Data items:
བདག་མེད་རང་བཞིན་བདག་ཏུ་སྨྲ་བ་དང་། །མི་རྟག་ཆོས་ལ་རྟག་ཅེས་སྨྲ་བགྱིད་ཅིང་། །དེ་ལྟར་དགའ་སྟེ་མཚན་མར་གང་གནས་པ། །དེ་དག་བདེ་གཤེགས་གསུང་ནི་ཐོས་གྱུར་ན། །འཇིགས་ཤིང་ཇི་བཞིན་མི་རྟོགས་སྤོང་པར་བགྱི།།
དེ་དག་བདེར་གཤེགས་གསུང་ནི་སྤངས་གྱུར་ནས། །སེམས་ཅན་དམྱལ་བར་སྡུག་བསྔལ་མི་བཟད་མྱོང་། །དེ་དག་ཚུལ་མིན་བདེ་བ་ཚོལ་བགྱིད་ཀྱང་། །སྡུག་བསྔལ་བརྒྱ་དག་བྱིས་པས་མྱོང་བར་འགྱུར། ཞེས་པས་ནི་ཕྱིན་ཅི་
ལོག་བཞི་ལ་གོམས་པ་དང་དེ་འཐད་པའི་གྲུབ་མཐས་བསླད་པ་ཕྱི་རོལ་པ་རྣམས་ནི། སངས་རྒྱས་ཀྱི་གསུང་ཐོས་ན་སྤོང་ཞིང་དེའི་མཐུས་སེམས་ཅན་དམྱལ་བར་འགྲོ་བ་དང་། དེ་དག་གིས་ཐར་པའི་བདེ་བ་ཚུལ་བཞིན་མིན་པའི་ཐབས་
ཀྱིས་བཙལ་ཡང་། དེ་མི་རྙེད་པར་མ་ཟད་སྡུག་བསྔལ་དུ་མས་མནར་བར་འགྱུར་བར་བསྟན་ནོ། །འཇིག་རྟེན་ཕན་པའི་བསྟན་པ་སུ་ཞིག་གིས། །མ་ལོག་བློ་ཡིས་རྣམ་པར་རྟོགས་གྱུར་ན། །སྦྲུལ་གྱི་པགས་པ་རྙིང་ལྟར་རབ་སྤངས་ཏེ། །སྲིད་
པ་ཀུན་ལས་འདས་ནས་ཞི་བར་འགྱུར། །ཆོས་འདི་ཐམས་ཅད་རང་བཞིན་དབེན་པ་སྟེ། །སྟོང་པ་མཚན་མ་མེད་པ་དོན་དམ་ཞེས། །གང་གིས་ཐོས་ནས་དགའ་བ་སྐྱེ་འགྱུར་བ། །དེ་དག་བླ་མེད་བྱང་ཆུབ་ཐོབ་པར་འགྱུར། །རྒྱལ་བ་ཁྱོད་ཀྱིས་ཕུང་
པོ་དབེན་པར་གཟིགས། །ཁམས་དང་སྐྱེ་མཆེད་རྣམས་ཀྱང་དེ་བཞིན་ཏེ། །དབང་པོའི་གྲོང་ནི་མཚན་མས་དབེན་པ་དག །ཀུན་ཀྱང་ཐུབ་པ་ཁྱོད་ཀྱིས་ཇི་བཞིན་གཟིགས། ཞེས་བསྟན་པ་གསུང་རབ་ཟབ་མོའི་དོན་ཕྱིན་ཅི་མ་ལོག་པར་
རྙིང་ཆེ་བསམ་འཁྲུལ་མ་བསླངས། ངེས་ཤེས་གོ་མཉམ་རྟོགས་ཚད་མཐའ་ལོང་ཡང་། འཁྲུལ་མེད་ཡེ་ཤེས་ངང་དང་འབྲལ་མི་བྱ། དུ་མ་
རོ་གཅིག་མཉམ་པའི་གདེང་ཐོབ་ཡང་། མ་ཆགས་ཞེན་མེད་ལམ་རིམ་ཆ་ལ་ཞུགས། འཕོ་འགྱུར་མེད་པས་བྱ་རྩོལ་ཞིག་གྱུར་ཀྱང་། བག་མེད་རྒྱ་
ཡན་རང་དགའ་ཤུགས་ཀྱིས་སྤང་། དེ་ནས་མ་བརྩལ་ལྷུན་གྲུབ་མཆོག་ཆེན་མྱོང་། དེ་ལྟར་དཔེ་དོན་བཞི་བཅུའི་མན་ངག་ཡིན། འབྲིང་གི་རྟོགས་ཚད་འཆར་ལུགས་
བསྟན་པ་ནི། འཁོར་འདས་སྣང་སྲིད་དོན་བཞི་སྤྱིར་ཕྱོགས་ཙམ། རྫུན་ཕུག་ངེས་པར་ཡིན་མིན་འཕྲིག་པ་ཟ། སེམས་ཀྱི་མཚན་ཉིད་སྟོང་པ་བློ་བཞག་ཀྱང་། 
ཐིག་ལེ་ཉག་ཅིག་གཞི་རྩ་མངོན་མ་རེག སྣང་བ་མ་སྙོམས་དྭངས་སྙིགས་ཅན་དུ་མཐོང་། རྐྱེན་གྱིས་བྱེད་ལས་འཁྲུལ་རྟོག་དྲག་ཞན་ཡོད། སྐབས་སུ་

▶ **TASK GOAL**
The records above should be reproduced in full, exactly as they read.

▶ **TASK SOLUTION**
བདག་མེད་རང་བཞིན་བདག་ཏུ་སྨྲ་བ་དང་། །མི་རྟག་ཆོས་ལ་རྟག་ཅེས་སྨྲ་བགྱིད་ཅིང་། །དེ་ལྟར་དགའ་སྟེ་མཚན་མར་གང་གནས་པ། །དེ་དག་བདེ་གཤེགས་གསུང་ནི་ཐོས་གྱུར་ན། །འཇིགས་ཤིང་ཇི་བཞིན་མི་རྟོགས་སྤོང་པར་བགྱི།།
དེ་དག་བདེར་གཤེགས་གསུང་ནི་སྤངས་གྱུར་ནས། །སེམས་ཅན་དམྱལ་བར་སྡུག་བསྔལ་མི་བཟད་མྱོང་། །དེ་དག་ཚུལ་མིན་བདེ་བ་ཚོལ་བགྱིད་ཀྱང་། །སྡུག་བསྔལ་བརྒྱ་དག་བྱིས་པས་མྱོང་བར་འགྱུར། ཞེས་པས་ནི་ཕྱིན་ཅི་
ལོག་བཞི་ལ་གོམས་པ་དང་དེ་འཐད་པའི་གྲུབ་མཐས་བསླད་པ་ཕྱི་རོལ་པ་རྣམས་ནི། སངས་རྒྱས་ཀྱི་གསུང་ཐོས་ན་སྤོང་ཞིང་དེའི་མཐུས་སེམས་ཅན་དམྱལ་བར་འགྲོ་བ་དང་། དེ་དག་གིས་ཐར་པའི་བདེ་བ་ཚུལ་བཞིན་མིན་པའི་ཐབས་
ཀྱིས་བཙལ་ཡང་། དེ་མི་རྙེད་པར་མ་ཟད་སྡུག་བསྔལ་དུ་མས་མནར་བར་འགྱུར་བར་བསྟན་ནོ། །འཇིག་རྟེན་ཕན་པའི་བསྟན་པ་སུ་ཞིག་གིས། །མ་ལོག་བློ་ཡིས་རྣམ་པར་རྟོགས་གྱུར་ན། །སྦྲུལ་གྱི་པགས་པ་རྙིང་ལྟར་རབ་སྤངས་ཏེ། །སྲིད་
པ་ཀུན་ལས་འདས་ནས་ཞི་བར་འགྱུར། །ཆོས་འདི་ཐམས་ཅད་རང་བཞིན་དབེན་པ་སྟེ། །སྟོང་པ་མཚན་མ་མེད་པ་དོན་དམ་ཞེས། །གང་གིས་ཐོས་ནས་དགའ་བ་སྐྱེ་འགྱུར་བ། །དེ་དག་བླ་མེད་བྱང་ཆུབ་ཐོབ་པར་འགྱུར། །རྒྱལ་བ་ཁྱོད་ཀྱིས་ཕུང་
པོ་དབེན་པར་གཟིགས། །ཁམས་དང་སྐྱེ་མཆེད་རྣམས་ཀྱང་དེ་བཞིན་ཏེ། །དབང་པོའི་གྲོང་ནི་མཚན་མས་དབེན་པ་དག །ཀུན་ཀྱང་ཐུབ་པ་ཁྱོད་ཀྱིས་ཇི་བཞིན་གཟིགས། ཞེས་བསྟན་པ་གསུང་རབ་ཟབ་མོའི་དོན་ཕྱིན་ཅི་མ་ལོག་པར་
རྙིང་ཆེ་བསམ་འཁྲུལ་མ་བསླངས། ངེས་ཤེས་གོ་མཉམ་རྟོགས་ཚད་མཐའ་ལོང་ཡང་། འཁྲུལ་མེད་ཡེ་ཤེས་ངང་དང་འབྲལ་མི་བྱ། དུ་མ་
རོ་གཅིག་མཉམ་པའི་གདེང་ཐོབ་ཡང་། མ་ཆགས་ཞེན་མེད་ལམ་རིམ་ཆ་ལ་ཞུགས། འཕོ་འགྱུར་མེད་པས་བྱ་རྩོལ་ཞིག་གྱུར་ཀྱང་། བག་མེད་རྒྱ་
ཡན་རང་དགའ་ཤུགས་ཀྱིས་སྤང་། དེ་ནས་མ་བརྩལ་ལྷུན་གྲུབ་མཆོག་ཆེན་མྱོང་། དེ་ལྟར་དཔེ་དོན་བཞི་བཅུའི་མན་ངག་ཡིན། འབྲིང་གི་རྟོགས་ཚད་འཆར་ལུགས་
བསྟན་པ་ནི། འཁོར་འདས་སྣང་སྲིད་དོན་བཞི་སྤྱིར་ཕྱོགས་ཙམ། རྫུན་ཕུག་ངེས་པར་ཡིན་མིན་འཕྲིག་པ་ཟ། སེམས་ཀྱི་མཚན་ཉིད་སྟོང་པ་བློ་བཞག་ཀྱང་། 
ཐིག་ལེ་ཉག་ཅིག་གཞི་རྩ་མངོན་མ་རེག སྣང་བ་མ་སྙོམས་དྭངས་སྙིགས་ཅན་དུ་མཐོང་། རྐྱེན་གྱིས་བྱེད་ལས་འཁྲུལ་རྟོག་དྲག་ཞན་ཡོད། སྐབས་སུ་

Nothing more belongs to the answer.